June 7, 2009 - 9:31 am EDT

Yeah, you know, as crazy as this loop development business gets me, I can't help but marvel at how well these guys can play the system. It always comes down to who you know and what you know. I'm just glad I knew enough about the loop to buy far away from it.

Solid reporting as always, Taft Wireback, with no heartstring-tugging nonsense and without burying the lede. You're holding up the franchise these days, along with your cohort who's reporting on the Northern HS scandal. Bravo.

Wally43

June 7, 2009 - 9:52 pm EDT

Wow ! It is amazing what one can find out when they ask a lot of questions and speak with authorties in the know. An excellent continuing and "watchdog" artilce on the urban loop by Mr. Wireback. I wonder if the urban loop path (land) has already been purchased by the DOT for the section running from N Elm St to Old Battleground Road. Were developers involved in the sale of the right of way to the DOT from property that they had also purchased when they bought land for the development of their new homes?

Mialamasoul

June 8, 2009 - 3:26 pm EDT

Hm. Where ARE those jobs that people are refusing to look for in Greensboro? I think what the guy did was legal, perhaps, but definitely underhanded. He did it out of a sense of entitlement, and with no regard to social or personal responsibility. A tragic commentary on the American "mindset" these days. He should set up a trust fund to pay the difference in taxes that he unwittingly has foisted on the folks purchasing plots from him.

Get A Clue

June 7, 2009 - 9:04 am EDT

caveat emptor

jeffic_fail

June 7, 2009 - 9:45 am EDT

I'm glad this Urban Loop will be nowhere near my house. Oh, wait a minute. I'll be able to see it from my front porch. Jeffic Fail!

jeaniegnc

June 7, 2009 - 11:29 am EDT

I think this article emphasizes how important your vote is for the council member who represents your district.
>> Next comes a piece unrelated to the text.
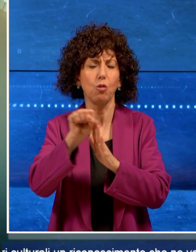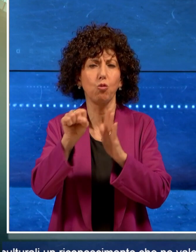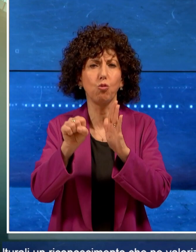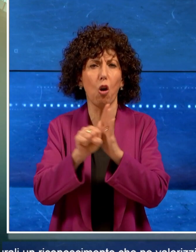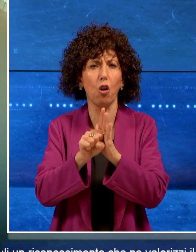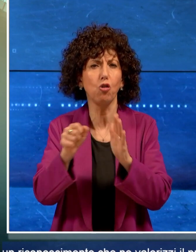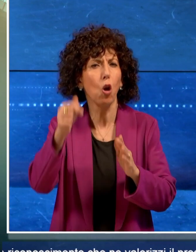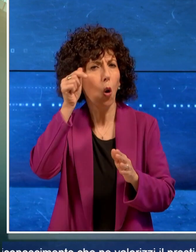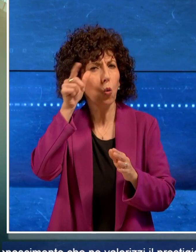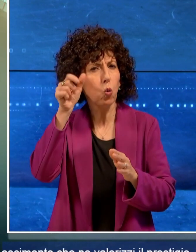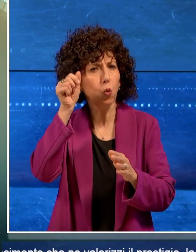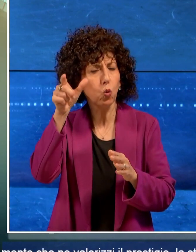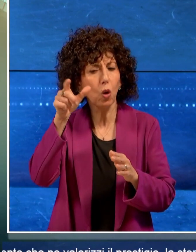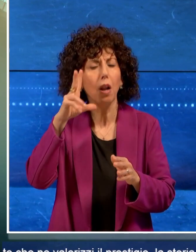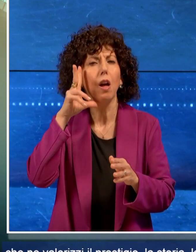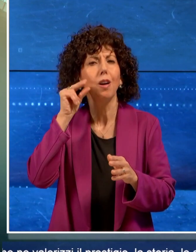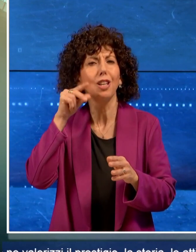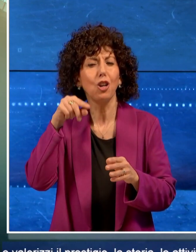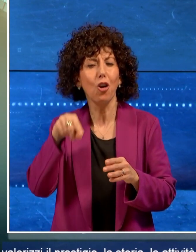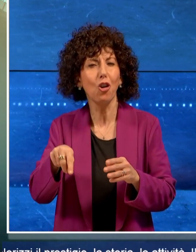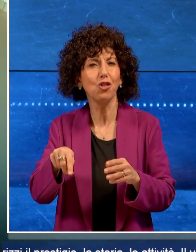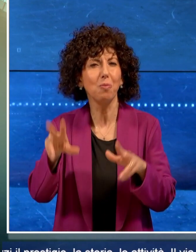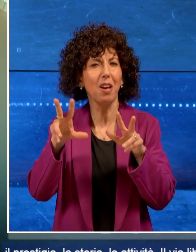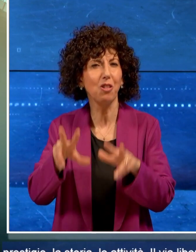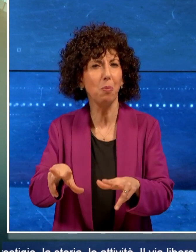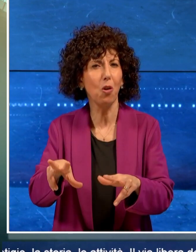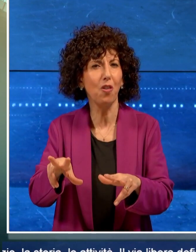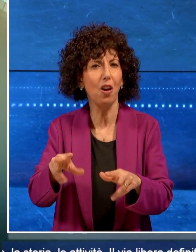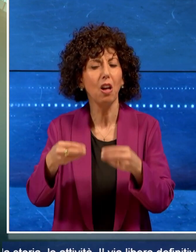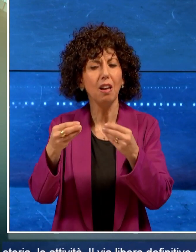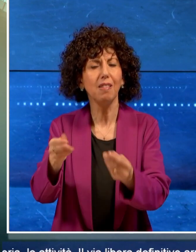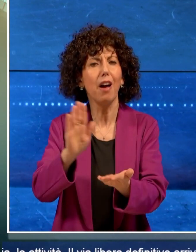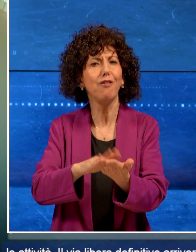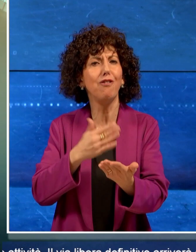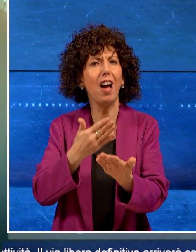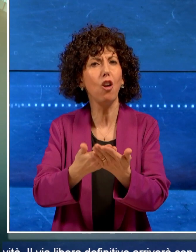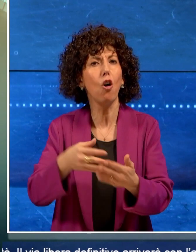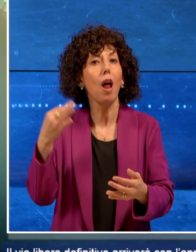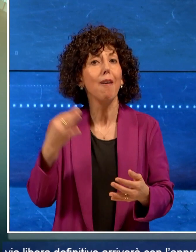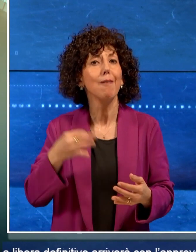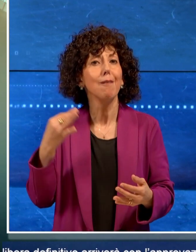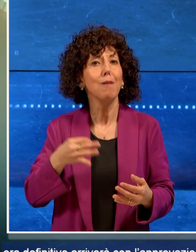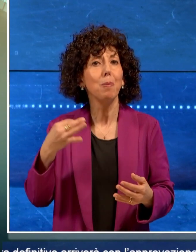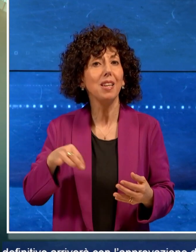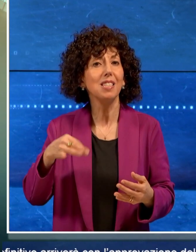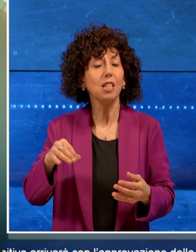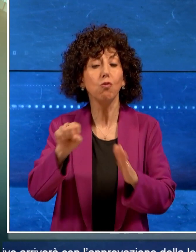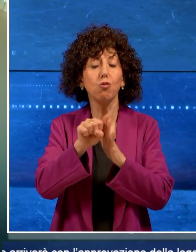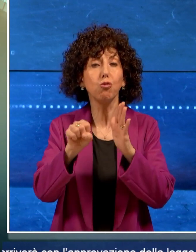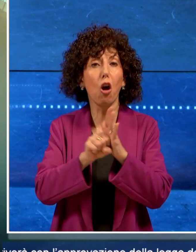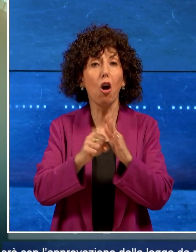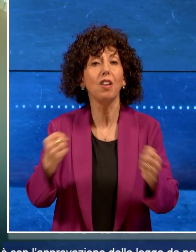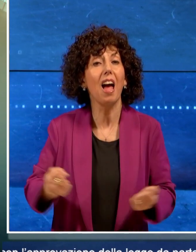culturali un riconoscimento che ne valorizzi il prestigio, la storia, le attività.

It appears that without the assistance of city council members, this situation would not have happened. I also believe that when your city council is composed of several members from the development and building industry, these people are more likely to be partial to builders and developers.

I doubt that any of these buyers would have purchased these homes if they were informed by the realtors involved in the transactions. It looks like once again North Carolina laws do not protect the consumers.

Mialamasoul

June 8, 2009 - 3:22 pm EDT

Do you know of any laws enacted in the last 28 years designed to protect consumers in a "market" economy?

Illiterati

June 8, 2009 - 11:54 pm EDT

And do you know of any elected officials—of any party—who are truly informed on the issues they're deciding? How could they be? They vote on any number of disparate matters without being experts or even nominally briefed on any of them. Politicians are too busy bickering about getting their way to pay attention to anything important (unless it lines their pockets, of course). I swear, the whole election circus has become an expensive, patriotic distraction so we miss what's really happening in government. While we're busy voting for figureheads on city council, functionaries in the back offices are paving the way for stuff like the development in this story.

DexterG

June 8, 2009 - 12:56 pm EDT

Am I the only person who was reminded of the movie "There Will Be Blood" while reading this story? It ain't oil, but...

sailboatusa1

June 30, 2009 - 6:26 pm EDT

I have known Jerome since being in his shop class at Smith High School. Jerome Pearson is one of the hardest working people I know. I remember when he was the best shop teacher and worked weekends selling handmade leather items at flea markets. I know he is a super person and has helped many others along his path to success. I am glad to see Jerome’s success.